* [TASK BRIEF]: Exclude the pictures and retype the entries as written.

═════ DATA ═════

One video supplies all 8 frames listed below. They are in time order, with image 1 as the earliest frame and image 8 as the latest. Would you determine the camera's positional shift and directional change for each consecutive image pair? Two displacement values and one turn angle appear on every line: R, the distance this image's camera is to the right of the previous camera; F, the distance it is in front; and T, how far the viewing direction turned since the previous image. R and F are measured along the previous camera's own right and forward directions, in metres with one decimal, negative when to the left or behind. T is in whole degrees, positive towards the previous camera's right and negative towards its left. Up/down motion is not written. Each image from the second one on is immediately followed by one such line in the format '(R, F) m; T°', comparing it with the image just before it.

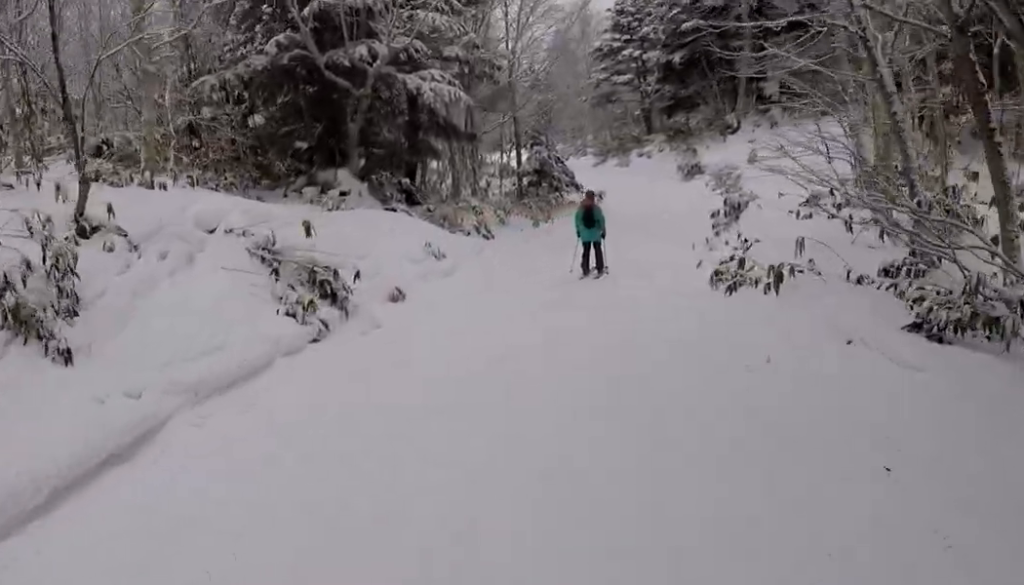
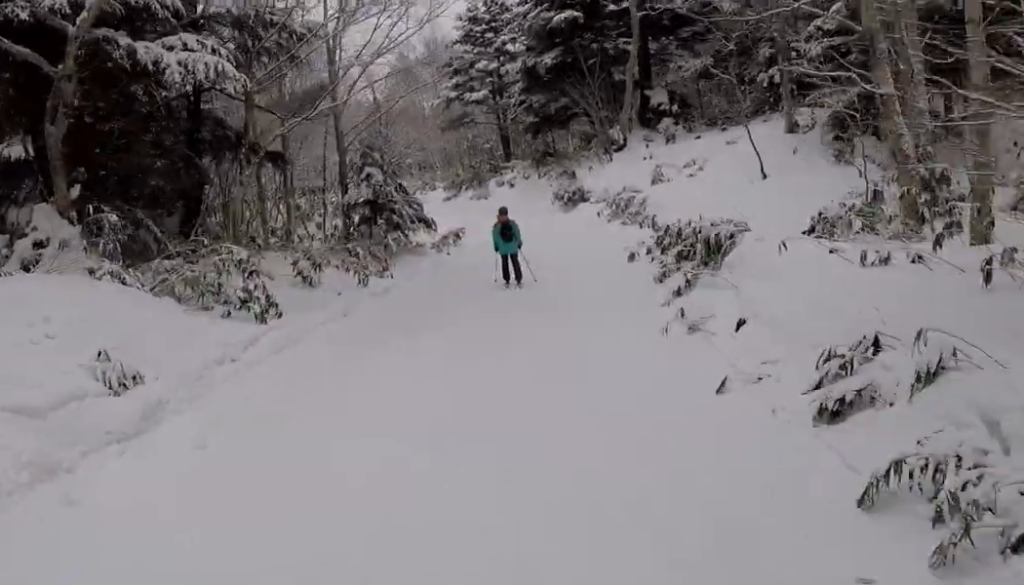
(+1.3, +8.2) m; +12°
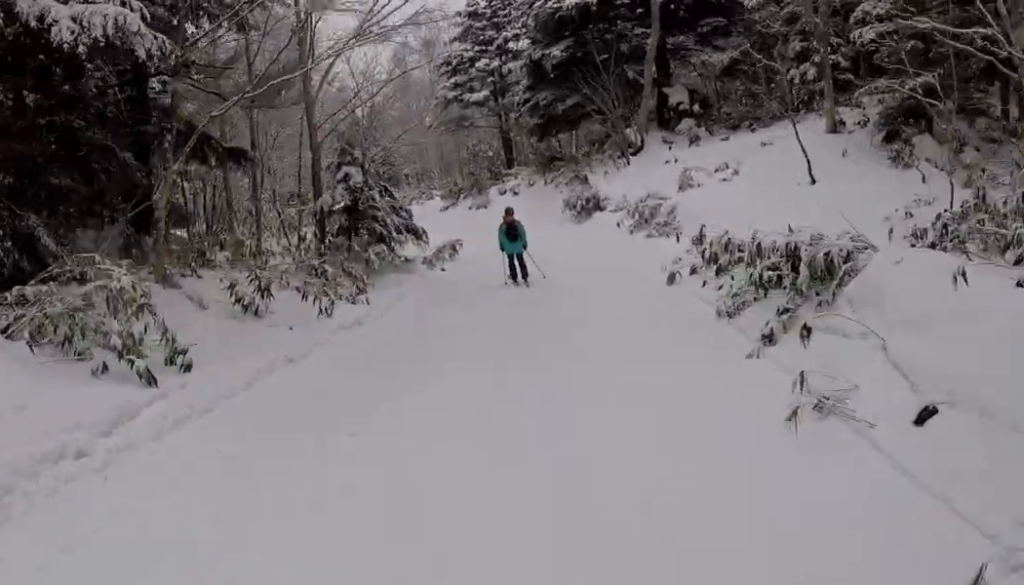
(+0.1, +3.2) m; +1°
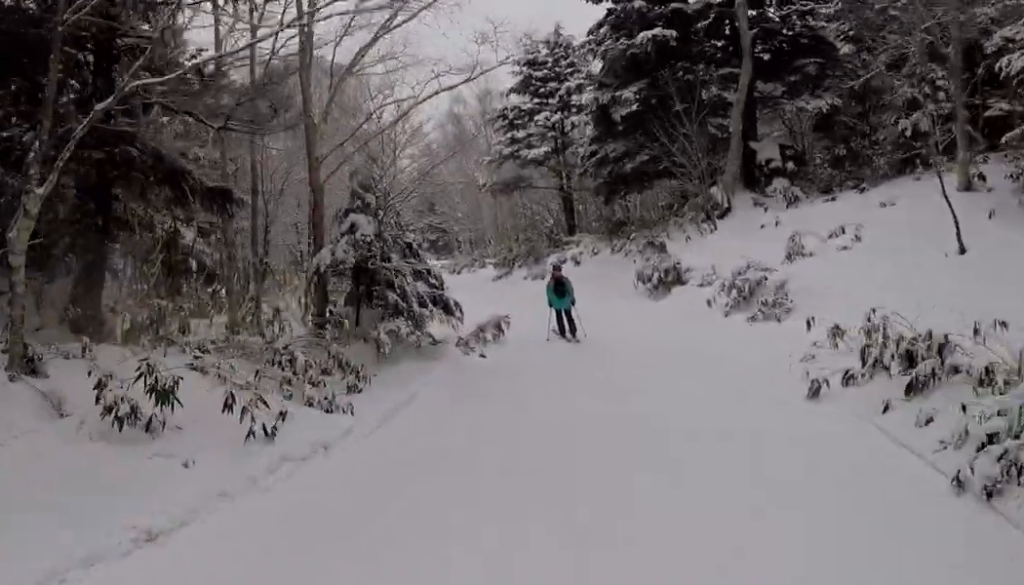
(0.0, +4.0) m; 0°
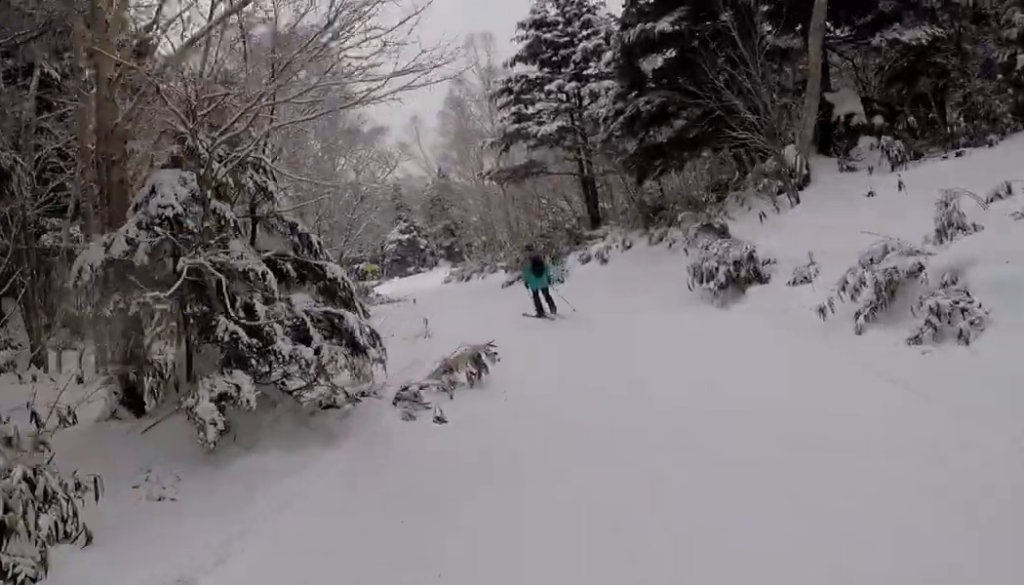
(0.0, +5.7) m; -6°
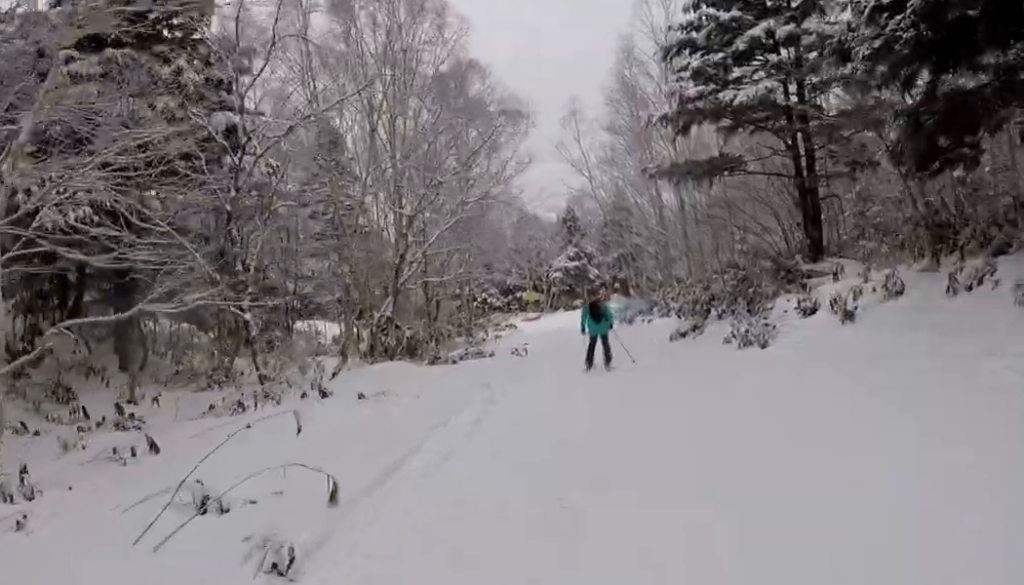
(-1.2, +8.8) m; -14°
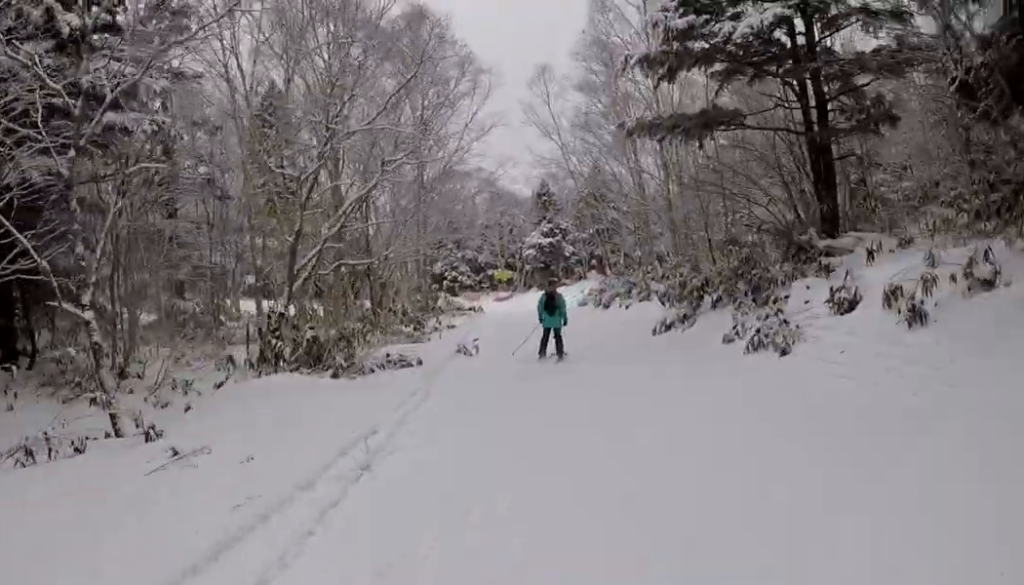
(-0.2, +3.8) m; -2°
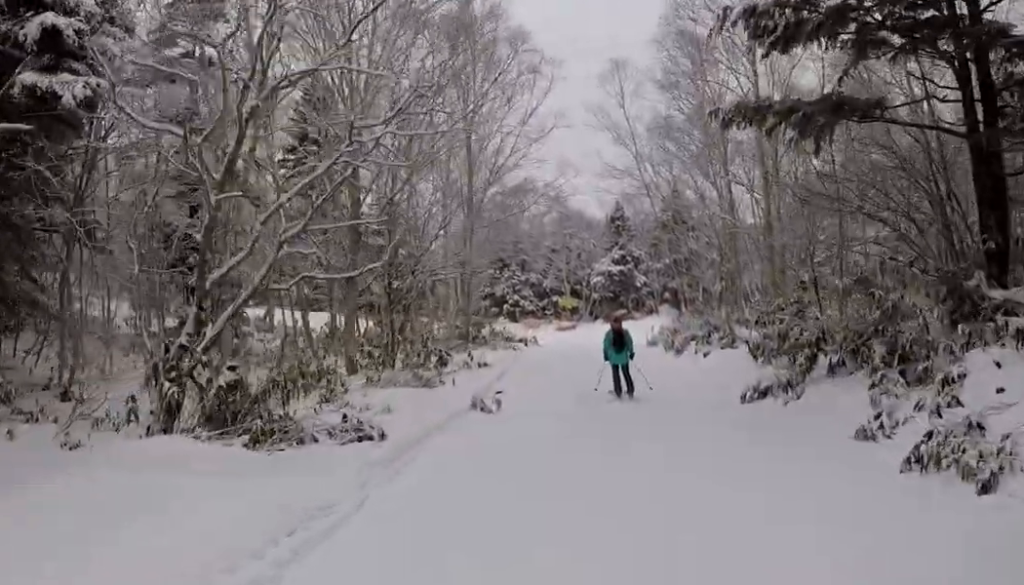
(-0.1, +4.6) m; -1°

═════

* [ANSWER TO THIS TASK]:
One video supplies all 8 frames listed below. They are in time order, with image 1 as the earliest frame and image 8 as the latest. Would you determine the camera's positional shift and directional change for each consecutive image pair? Two displacement values and one turn angle appear on every line: R, the distance this image's camera is to the right of the previous camera; F, the distance it is in front; and T, how far the viewing direction turned since the previous image. R and F are measured along the previous camera's own right and forward directions, in metres with one decimal, negative when to the left or behind. T is in whole degrees, positive towards the previous camera's right and negative towards its left. Up/down motion is not written. Each image from the second one on is immediately followed by one such line in the format '(R, F) m; T°', comparing it with the image just before it.

(+1.3, +8.2) m; +12°
(+0.1, +3.2) m; +1°
(0.0, +4.0) m; 0°
(0.0, +5.7) m; -6°
(-1.2, +8.8) m; -14°
(-0.2, +3.8) m; -2°
(-0.1, +4.6) m; -1°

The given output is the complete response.